AVELA has acquired restored versions of the movie posters and lobby cards for The Wizard of Oz, Gone with the Wind, and several Tom & Jerry short films. From these publicity materials, AVELA has extracted the images of famous characters from the films, including Dorothy, Tin Man, Cowardly Lion, and Scarecrow from The Wizard of Oz; Scarlett O’Hara and Rhett Butler from Gone with the Wind; and the eponymous Tom and Jerry. AVELA licenses the extracted images for use on items such as shirts, lunch boxes, music box lids, and playing cards, and as models for three-dimensional figurines such as statuettes, busts, figurines inside water globes, and action figures. In many cases, AVELA has modified the images, such as by adding a character’s signature phrase from the movie to an image modeled on that character’s publicity photograph. In other cases, AVELA has combined images extracted from different items of publicity material into a single product. In one example, a publicity photograph of Dorothy posed with Scarecrow serves as the model for a statuette and another publicity photograph of the “yellow brick road” serves as the model for the base of that same statuette.

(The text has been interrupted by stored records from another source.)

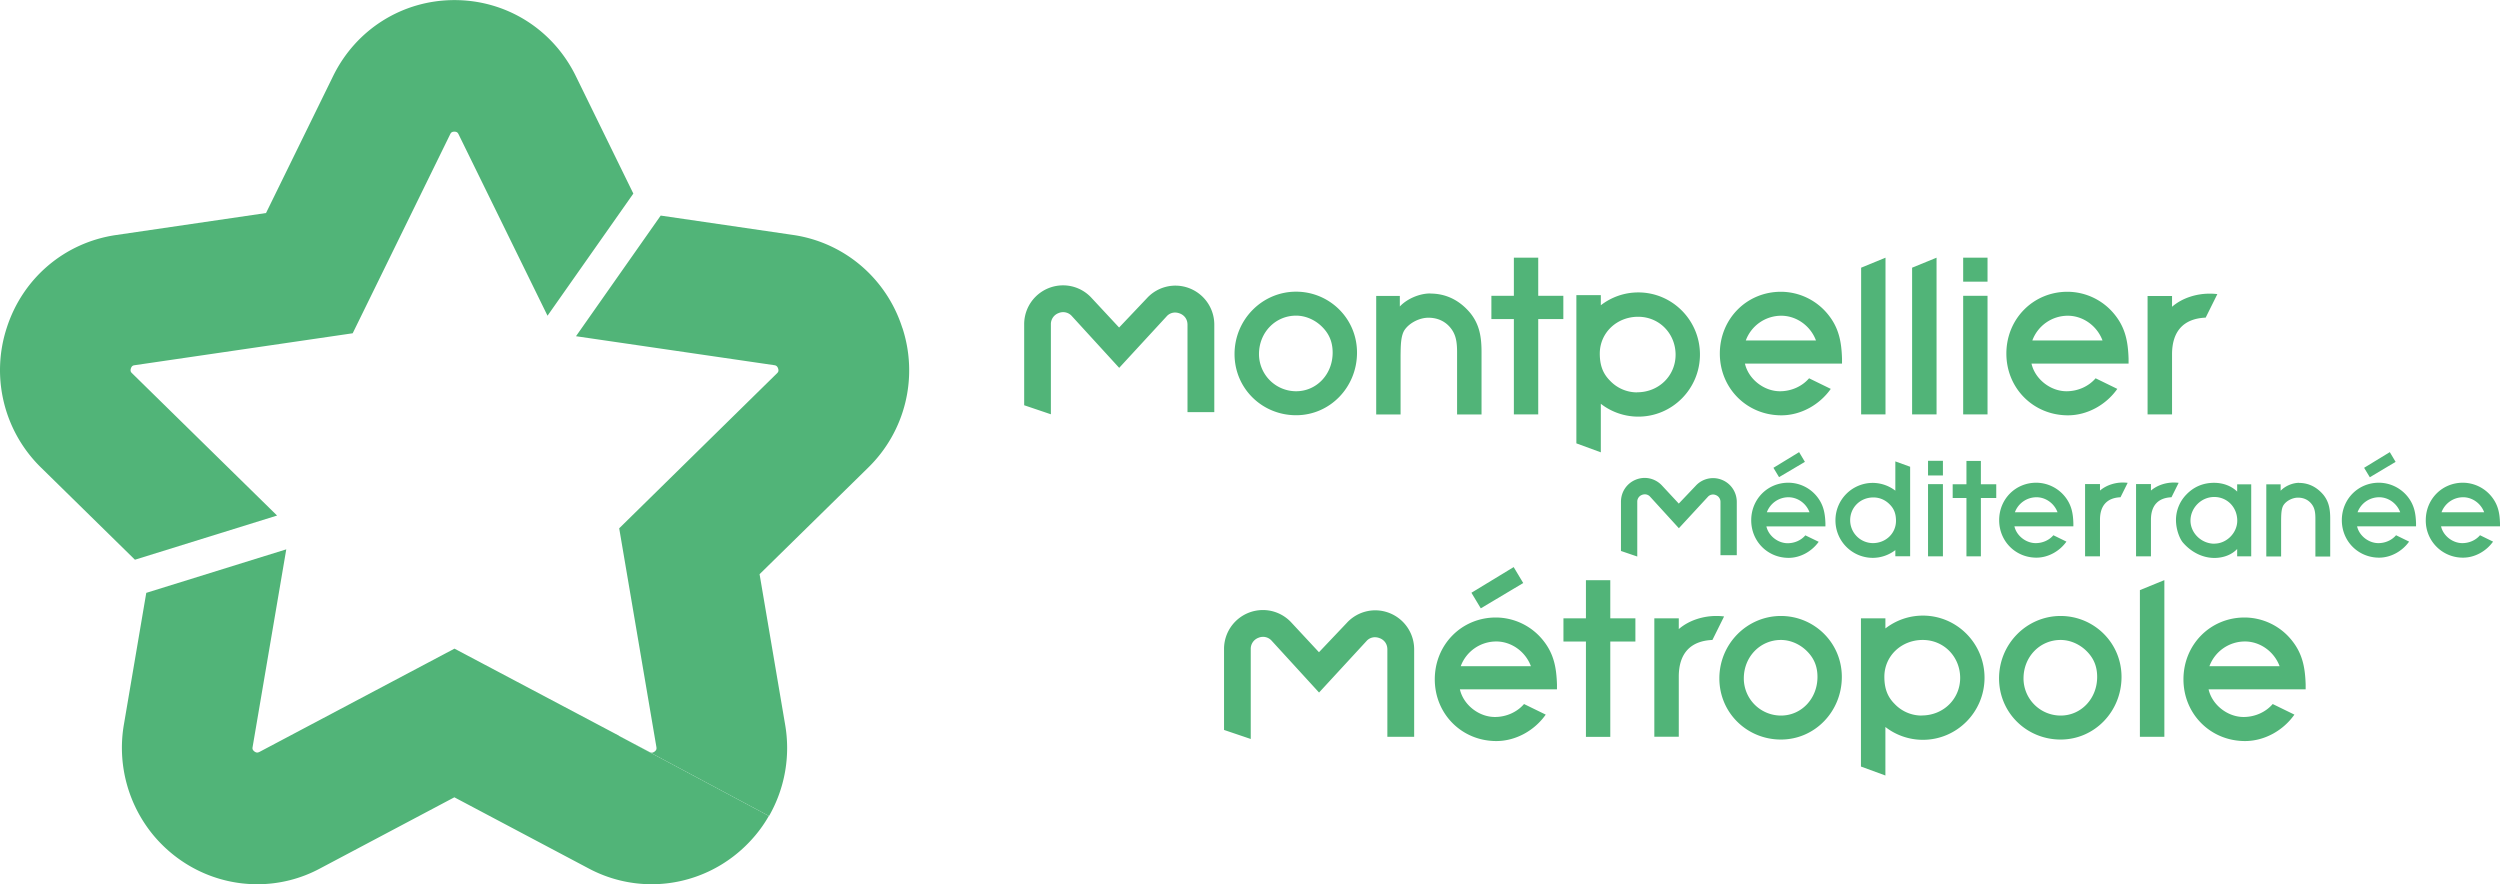 <svg xmlns="http://www.w3.org/2000/svg" width="164" height="58" fill="none">
    <g clip-path="url(#a)">
        <path fill="#51b478" d="m18.17 33.814-9.503-9.325c-.061-.056-.141-.136-.08-.322.062-.186.172-.198.252-.21l14.298-2.094L29.53 8.811c.037-.074.086-.174.276-.174.191 0 .24.1.277.174l5.834 11.9 5.63-8.012-3.774-7.709C36.267 1.913 33.212.006 29.813.006c-3.4 0-6.455 1.913-7.96 4.984l-4.402 8.985-9.841 1.443c-3.369.495-6.116 2.823-7.167 6.086a8.936 8.936 0 0 0 2.25 9.17l6.159 6.044 9.325-2.898-.007-.006Z"/>
        <path fill="#51b478" d="M59.189 21.499a8.926 8.926 0 0 0-1.832-3.214 8.83 8.83 0 0 0-5.336-2.873l-8.679-1.27-5.557 7.914 13.007 1.9c.08.013.19.032.252.218.062.185-.018.26-.08.322l-1.174 1.151-9.171 9.01 2.44 14.346c.019.124 0 .174-.049.236-.068.08-.172.136-.252.136-.012 0-.055 0-.148-.044L40.62 48.28l9.829 5.25a8.982 8.982 0 0 0 1.057-5.987l-1.678-9.876 7.124-6.99a8.92 8.92 0 0 0 2.244-9.171l-.006-.006Z"/>
        <path fill="#51b478" d="m40.613 48.266-10.8-5.715-12.792 6.774s-.03.012-.043.019c-.062.024-.092.024-.105.024-.08 0-.184-.055-.252-.136-.049-.062-.073-.111-.049-.235l2.207-12.96-9.184 2.855-1.469 8.644a9.007 9.007 0 0 0 1.943 7.263c1.702 2.037 4.186 3.207 6.804 3.207a8.67 8.67 0 0 0 4.131-1.04l8.802-4.663 8.803 4.663a8.783 8.783 0 0 0 4.137 1.04c2.618 0 5.102-1.17 6.804-3.207.339-.403.634-.83.886-1.276l-9.83-5.25.007-.007Z"/>
        <path fill="#51b478" d="M67.186 26.589v-5.3a2.55 2.55 0 0 1 2.557-2.57c.7 0 1.377.297 1.856.817l1.814 1.95 1.825-1.925a2.539 2.539 0 0 1 1.863-.824 2.557 2.557 0 0 1 2.557 2.57v5.727H77.9v-5.727c0-.49-.35-.687-.504-.743a.89.89 0 0 0-.308-.062.74.74 0 0 0-.565.26l-3.104 3.369-3.104-3.394a.76.76 0 0 0-.873-.198.771.771 0 0 0-.504.743v5.895l-1.758-.595.006.007ZM85.024 19.134c-2.225 0-4.038 1.833-4.038 4.093s1.813 4.012 4.038 4.012c2.226 0 3.996-1.839 3.996-4.105 0-2.267-1.832-4-3.996-4Zm2.398 4c0 1.418-1.051 2.532-2.398 2.532a2.438 2.438 0 0 1-2.434-2.44c0-1.411 1.07-2.52 2.434-2.52.597 0 1.205.254 1.666.694.498.477.732 1.028.732 1.734ZM93.82 19.251c-.731 0-1.542.371-1.991.854v-.693h-1.55v7.777h1.599v-3.895c.012-.532-.006-1.281.283-1.678.32-.445.965-.774 1.543-.774.639 0 1.174.267 1.524.762.295.415.357.885.357 1.505v4.08h1.604v-4.08c0-.985-.123-1.796-.72-2.552-.682-.83-1.573-1.3-2.642-1.3l-.007-.006ZM100.908 16.904H99.31v2.502h-1.475v1.523h1.475v6.254h1.598v-6.254h1.647v-1.523h-1.647v-2.502ZM107.473 19.183c-.928 0-1.777.315-2.459.842v-.663h-1.604v9.722l1.604.588v-3.183a4.006 4.006 0 0 0 2.459.842c2.231 0 4.044-1.826 4.044-4.074 0-2.248-1.813-4.074-4.044-4.074Zm-.08 6.557a2.439 2.439 0 0 1-1.789-.78c-.455-.459-.658-1.003-.658-1.765 0-1.356 1.107-2.415 2.514-2.415 1.408 0 2.459 1.12 2.459 2.49 0 1.368-1.088 2.464-2.526 2.464v.006ZM122.09 27.183h1.599V16.904l-1.599.657v9.622ZM125.434 27.183h1.604V16.904l-1.604.657v9.622ZM130.382 16.904h-1.598v1.573h1.598v-1.573ZM130.382 19.406h-1.598v7.777h1.598v-7.777ZM145.461 19.295a3.686 3.686 0 0 0-.529-.031c-.756 0-1.715.229-2.446.86v-.705h-1.605v7.764h1.605v-3.938c0-1.523.762-2.347 2.206-2.409l.769-1.548v.007ZM137.476 24.811c-.449.527-1.155.855-1.912.855-1.063 0-2.071-.805-2.298-1.814h6.368v-.328c-.037-1.09-.197-2-.91-2.886a3.99 3.99 0 0 0-3.098-1.498c-2.25 0-4.008 1.783-4.008 4.055 0 2.273 1.77 4.05 4.039 4.05 1.272 0 2.502-.687 3.239-1.734l-1.42-.693v-.007Zm-1.832-4.099c1.002 0 1.924.663 2.281 1.623h-4.604a2.482 2.482 0 0 1 2.323-1.623ZM118.679 24.811c-.449.527-1.156.855-1.912.855-1.063 0-2.071-.805-2.299-1.814h6.368v-.328c-.036-1.09-.196-2-.909-2.886a3.99 3.99 0 0 0-3.098-1.498c-2.25 0-4.008 1.783-4.008 4.055 0 2.273 1.77 4.05 4.038 4.05 1.273 0 2.502-.687 3.24-1.734l-1.42-.693v-.007Zm-1.832-4.099c1.002 0 1.924.663 2.281 1.623h-4.604a2.48 2.48 0 0 1 2.323-1.623ZM80.297 47.889v-5.3a2.55 2.55 0 0 1 2.557-2.57c.701 0 1.377.297 1.857.817l1.813 1.95 1.826-1.925a2.539 2.539 0 0 1 1.862-.824 2.557 2.557 0 0 1 2.557 2.57v5.727h-1.758v-5.727c0-.49-.35-.688-.504-.743a.89.89 0 0 0-.307-.062.739.739 0 0 0-.566.26L86.53 45.43l-3.104-3.393a.76.76 0 0 0-.873-.198.771.771 0 0 0-.504.743v5.895l-1.758-.595.006.007ZM140.377 48.334h1.605V38.056l-1.605.656v9.622ZM113.103 40.44a3.666 3.666 0 0 0-.528-.032c-.756 0-1.715.23-2.447.86v-.705h-1.604v7.765h1.604V44.39c0-1.524.762-2.347 2.207-2.409l.768-1.548v.006ZM105.635 38.062h-1.598v2.501h-1.475v1.523h1.475v6.254h1.598v-6.254h1.647v-1.523h-1.647v-2.502ZM116.829 40.408c-2.226 0-4.039 1.833-4.039 4.093s1.813 4.013 4.039 4.013c2.225 0 3.995-1.84 3.995-4.106s-1.832-4-3.995-4Zm0 1.573c.596 0 1.204.254 1.665.694.498.476.732 1.027.732 1.733 0 1.418-1.051 2.533-2.397 2.533a2.438 2.438 0 0 1-2.435-2.44c0-1.412 1.07-2.52 2.435-2.52ZM126.141 40.384c-.928 0-1.777.316-2.459.842v-.663h-1.604v9.722l1.604.588V47.69a4.006 4.006 0 0 0 2.459.842c2.231 0 4.044-1.826 4.044-4.074 0-2.248-1.813-4.074-4.044-4.074Zm-.08 6.557a2.44 2.44 0 0 1-1.789-.78c-.455-.458-.658-1.003-.658-1.765 0-1.356 1.107-2.415 2.514-2.415 1.408 0 2.459 1.121 2.459 2.49 0 1.368-1.088 2.464-2.526 2.464v.006ZM135.177 40.408c-2.225 0-4.039 1.833-4.039 4.093s1.814 4.013 4.039 4.013c2.225 0 3.995-1.84 3.995-4.106s-1.832-4-3.995-4Zm0 1.573c.596 0 1.205.254 1.666.694.497.476.731 1.027.731 1.733 0 1.418-1.051 2.533-2.397 2.533a2.438 2.438 0 0 1-2.434-2.44c0-1.412 1.069-2.52 2.434-2.52ZM99.924 38.248l-.627-1.047-2.772 1.684.615 1.022 2.784-1.66ZM99.98 46.18c-.45.526-1.156.854-1.912.854-1.064 0-2.072-.805-2.299-1.814h6.368v-.328c-.037-1.09-.197-2-.91-2.886a3.987 3.987 0 0 0-3.098-1.498c-2.25 0-4.007 1.783-4.007 4.055 0 2.273 1.77 4.05 4.038 4.05 1.273 0 2.502-.687 3.24-1.734l-1.42-.693v-.006Zm-1.832-4.1c1.002 0 1.924.663 2.28 1.623h-4.604a2.482 2.482 0 0 1 2.324-1.622ZM149.093 46.18c-.448.526-1.155.854-1.911.854-1.064 0-2.072-.805-2.299-1.814h6.368v-.328c-.037-1.09-.197-2-.91-2.886a3.988 3.988 0 0 0-3.098-1.498c-2.25 0-4.008 1.783-4.008 4.055 0 2.273 1.771 4.05 4.039 4.05 1.272 0 2.502-.687 3.239-1.734l-1.42-.693v-.006Zm-1.831-4.1c1.002 0 1.924.663 2.28 1.623h-4.604a2.482 2.482 0 0 1 2.324-1.622ZM106.335 36.143v-3.226c0-.65.388-1.22.984-1.455.184-.074.381-.111.572-.111.424 0 .836.18 1.131.495l1.106 1.189 1.113-1.17a1.54 1.54 0 0 1 1.709-.39c.596.235.983.81.983 1.454v3.493h-1.07V32.93a.471.471 0 0 0-.307-.453.454.454 0 0 0-.528.124l-1.894 2.05-1.887-2.068a.456.456 0 0 0-.344-.155.497.497 0 0 0-.191.037.471.471 0 0 0-.307.452v3.591l-1.07-.365ZM150.821 31.673c-.443 0-.934.223-1.211.52v-.421h-.941v4.73h.972v-2.365c.006-.322 0-.78.172-1.021.19-.273.584-.471.934-.471.394 0 .713.161.928.464.179.254.215.54.215.917v2.483h.972v-2.483c0-.6-.074-1.09-.437-1.554-.418-.502-.959-.793-1.61-.793l.006-.006ZM127.456 30.23h-.977v.96h.977v-.96ZM127.456 31.759h-.977v4.737h.977v-4.737ZM129.946 30.236h-.947v1.53h-.903v.904h.903v3.826h.947V32.67h1.008v-.904h-1.008v-1.53ZM122.846 36.595c.559 0 1.076-.192 1.488-.508v.402h.971v-5.87l-.971-.352v1.92a2.443 2.443 0 0 0-1.488-.509 2.447 2.447 0 0 0-2.44 2.459 2.451 2.451 0 0 0 2.44 2.458Zm.049-3.963c.412 0 .793.167 1.082.47.277.28.4.607.4 1.066 0 .817-.664 1.46-1.519 1.46a1.5 1.5 0 0 1-1.487-1.504c0-.83.658-1.492 1.524-1.492ZM118.402 30.298l-.381-.638-1.684 1.028.369.613 1.696-1.003ZM118.433 35.115c-.271.322-.701.52-1.162.52-.645 0-1.26-.49-1.395-1.102h3.872v-.204c-.024-.663-.123-1.214-.553-1.753a2.416 2.416 0 0 0-1.881-.91c-1.365 0-2.434 1.084-2.434 2.464 0 1.381 1.076 2.465 2.453 2.465.774 0 1.518-.421 1.973-1.053l-.867-.42-.006-.007Zm-1.113-2.495c.609 0 1.168.402 1.383.984h-2.797a1.51 1.51 0 0 1 1.414-.984ZM134.704 35.109c-.271.322-.701.52-1.162.52-.646 0-1.26-.49-1.396-1.102h3.867v-.198c-.019-.663-.123-1.214-.553-1.753a2.437 2.437 0 0 0-1.881-.91c-1.365 0-2.434 1.077-2.434 2.458 0 1.381 1.075 2.458 2.446 2.458.768 0 1.518-.42 1.967-1.052l-.861-.421h.007Zm-1.113-2.49c.609 0 1.168.403 1.383.985h-2.797a1.51 1.51 0 0 1 1.414-.984ZM146.758 32.249c-.369-.366-.916-.576-1.513-.576-.719 0-1.333.26-1.825.774a2.398 2.398 0 0 0-.676 1.66c0 .68.276 1.293.473 1.504.547.625 1.291.99 2.047.99.602 0 1.149-.216 1.494-.588v.483h.922v-4.724h-.922v.483-.006Zm-1.494 3.418c-.848 0-1.568-.694-1.568-1.517 0-.824.695-1.548 1.556-1.548.86 0 1.512.68 1.512 1.554 0 .805-.701 1.505-1.494 1.505l-.006.006ZM142.916 31.673a2.693 2.693 0 0 0-.32-.019c-.461 0-1.045.143-1.494.527v-.428h-.977v4.743h.977v-2.402c0-.929.468-1.437 1.347-1.474l.467-.94v-.007ZM139.572 31.673a2.693 2.693 0 0 0-.32-.019c-.461 0-1.045.143-1.493.527v-.428h-.978v4.743h.978v-2.402c0-.929.467-1.437 1.346-1.474l.467-.94v-.007ZM157.152 30.298l-.381-.638-1.685 1.028.375.62 1.691-1.01ZM157.183 35.109c-.271.322-.701.52-1.162.52-.646 0-1.26-.49-1.396-1.102h3.867v-.198c-.019-.663-.123-1.214-.553-1.753a2.437 2.437 0 0 0-1.881-.91c-1.365 0-2.434 1.077-2.434 2.458 0 1.381 1.075 2.458 2.446 2.458.768 0 1.518-.42 1.967-1.052l-.861-.421h.007Zm-1.113-2.49c.609 0 1.168.403 1.383.985h-2.797a1.51 1.51 0 0 1 1.414-.984ZM162.69 35.109c-.27.322-.7.52-1.161.52-.646 0-1.26-.49-1.396-1.102H164v-.198c-.019-.663-.123-1.214-.554-1.753a2.433 2.433 0 0 0-1.88-.91c-1.365 0-2.435 1.077-2.435 2.458a2.426 2.426 0 0 0 2.447 2.458c.768 0 1.518-.42 1.967-1.052l-.861-.421h.006Zm-1.112-2.49c.608 0 1.168.403 1.383.985h-2.797a1.51 1.51 0 0 1 1.414-.984Z"/>
    </g>
    <defs>
        <clipPath id="a">
            <path fill="#fff" d="M0 0h164v58H0z"/>
        </clipPath>
    </defs>
</svg>

Warner Bros. sued AVELA, claiming that such use of the extracted images infringes the copyrights for the films. Warner Bros. also asserted claims of, interalia, trademark infringement and unfair competition. AVELA contended that the distribution of the publicity materials without copyright notice had injected them into the public domain, thus precluding any restrictions on their use. On cross-motions for

summary judgment, the district court granted summary judgment to Warner Bros. on


  1. Some of the still photographs for The Wizard of Oz and a few of the movie posters for the Tom & Jerry films complied with copyright notice provisions, but those copyrights were not timely renewed.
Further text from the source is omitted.